We get into the meat of the program on line 13 when we enter into a loop that iterates over os.walk. The os.walk function takes a directory path to start at and then goes through every single subdirectory in that file tree. It’s the standard way to walk a file tree in python. The function returns a tuple that includes the directory the os.walk function is currently examining, the number of subdirectories, and the number of files.

We create a nested loop on line 16 so that we can look at each file in the directory individually. On line 19, we check if the file ends with the .pyc extension. If it does, we use os.path.join to assemble a full file path in a platform agnostic fashion and then print out the full file path to the console.

If we are deleting files, we use os.remove on line 29 to attempt to delete a file. It’s critical that we wrap this in a try block because we may not hvae permission to delete the file. If deleting the file is successful, we increment the removed count. If it fails, the program execution will jump to line 35 and we report the error. The loop ends on line 39 and then repeats.

When the program is finished, we report how many files we found and removed.

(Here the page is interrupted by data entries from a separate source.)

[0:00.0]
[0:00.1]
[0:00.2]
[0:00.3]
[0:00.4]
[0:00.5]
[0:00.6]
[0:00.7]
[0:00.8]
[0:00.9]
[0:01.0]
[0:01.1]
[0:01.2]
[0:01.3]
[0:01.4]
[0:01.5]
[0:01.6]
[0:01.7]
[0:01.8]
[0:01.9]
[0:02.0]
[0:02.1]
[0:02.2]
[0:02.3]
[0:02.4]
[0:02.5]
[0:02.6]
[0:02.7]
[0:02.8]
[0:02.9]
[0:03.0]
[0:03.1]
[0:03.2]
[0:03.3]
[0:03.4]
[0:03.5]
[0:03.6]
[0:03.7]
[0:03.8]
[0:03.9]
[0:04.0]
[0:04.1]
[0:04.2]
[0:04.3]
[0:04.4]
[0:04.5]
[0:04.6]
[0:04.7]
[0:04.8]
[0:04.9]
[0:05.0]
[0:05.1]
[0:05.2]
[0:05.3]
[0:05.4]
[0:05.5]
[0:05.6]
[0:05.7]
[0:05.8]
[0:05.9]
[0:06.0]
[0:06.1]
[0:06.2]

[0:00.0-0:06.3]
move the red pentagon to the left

Recursion Example — Walking a file tree

Many developers use Python as a platform independent scripting language to perform file system operations. Sometimes it’s necessary to walk through a file system. Here is one way to navigate a file system recusively. (Of course, Python has libaries that do this!)

import os

def walk_fs(start_dir):
    # Get a list of everything in start_dir
    contents = os.listdir(start_dir)

    # This stores the output
    output = []

    # Loop through every item in contents
    for f in contents:
        # Use os.path.join to reassmble the path
        f_path = os.path.join(start_dir, f)

    # check if f_path is directory (or folder)
    if os.path.isdir(f_path):
        # Make recusive call to walk_fs
        output = output + walk_fs(f_path)
    else:
        # Add the file to output
        output.append(f_path)

    # Return a list of files in the directory
    return output

if __name__ == '__main__':
    try:
        result = walk_fs(input('Enter starting folder => '))
        for r in result:
            print(r)
    except FileNotFoundError:
    print('Not a valid folder! Try again!')

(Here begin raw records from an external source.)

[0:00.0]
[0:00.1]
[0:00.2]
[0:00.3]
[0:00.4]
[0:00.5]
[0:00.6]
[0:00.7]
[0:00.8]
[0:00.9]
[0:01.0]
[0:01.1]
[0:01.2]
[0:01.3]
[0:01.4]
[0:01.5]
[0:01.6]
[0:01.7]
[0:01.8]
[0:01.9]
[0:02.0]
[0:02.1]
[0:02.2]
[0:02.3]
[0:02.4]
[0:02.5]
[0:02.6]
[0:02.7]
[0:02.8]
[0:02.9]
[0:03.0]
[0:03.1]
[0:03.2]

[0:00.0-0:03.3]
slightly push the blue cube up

The key to this is to begin by using os.listdir, which returns a list of every item in a directory. Then we can loop through each item in contents. As we loop through contents, we need to reassemble the full path because f is only the name of the file or directory. We use os.path.join because it will insert either / (unix-like systems) or \ (windows) between each part of the path.

The next statement checks if f_path is a file or directory. The os.path.isdir function is True if the item is a directory, false otherwise. If f_path is a folder, we can make a recursive call to walk_fs starting with f_path. It will return a list of files that we can concat to output.

If f_path is a file, we just add it to output. When we have finished iterating through contents, we can return output. The output file will hold all of the files in start_dir and it’s subdirectorys.